とりわけ、世界最高のフットボーラーと称されるメッシがけん引したアルゼンチンを巡るストーリーは、多くのフットボールファンに感動を与えた。
クラブレベルでは獲得可能なチームタイトル、個人タイトルをすべて手にしてきた35歳だが、アルビセレステでは昨年にコパ・アメリカを制するまで無冠が続いていた。そして、大会前に自身最後のW杯と明言し、並々ならぬ思いで臨んだグループステージ初戦でサウジアラビアに公式戦37戦ぶりの黒星を喫し、5度目のタイトル挑戦に早くも暗雲が垂れこめた。
それでも、「アルゼンチンの人々には『落ち着いて』と言いたい。必ずより大きくなって戻ってくる」と、リーダーとしての力強いメッセージを発したパリ・サンジェルマンFWは、その言葉通りグループステージ残り2試合でチームを連勝に導くと、決勝トーナメントではオランダとの準々決勝で2点差を追いつかれてPK戦まで持ち込まれる2度目の試練を乗り越え、躍進のクロアチアも退けて2大会ぶりの決勝進出を決めた。

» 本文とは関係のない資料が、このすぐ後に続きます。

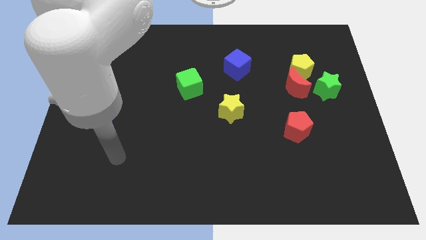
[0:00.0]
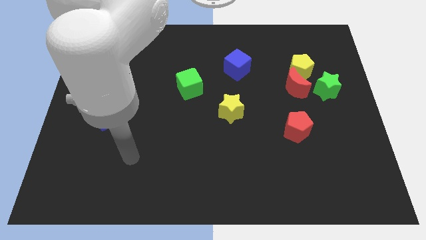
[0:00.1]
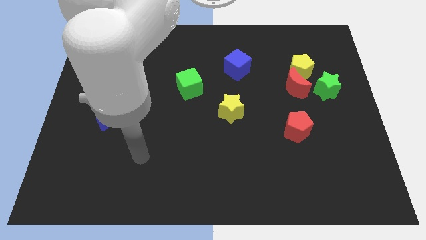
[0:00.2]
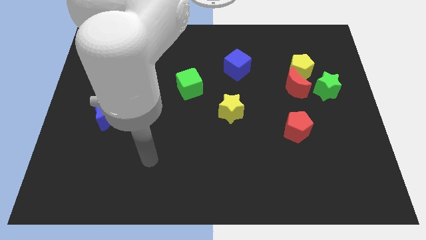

その決勝では前回大会で敗れた相手であり、クラブチームでの共演を通じて敵に回すと大きな脅威となることを誰よりも理解するFWムバッペ擁する王者フランスと対峙。W杯の歴史に残る運命の決戦では自身の2ゴールによって2度のアドバンテージを手にするも、若き怪物の追撃を振り切れず。今大会2度目のPK戦に。
過去に多くのスーパースターが涙を呑んだPK戦では残酷なシナリオも予期されたが、プレッシャーが懸かる1人目のキッカーを自ら名乗り出ると、名手ロリスとの駆け引きを見事に制して成功。そして、強心臓の守護神のビッグセーブと、エースの気迫に後押しされたキッカー全員がPKを成功させ、偉大なキャリアに相応しいW杯のトロフィーがようやく世界最高のフットボーラーの手に渡ることになった。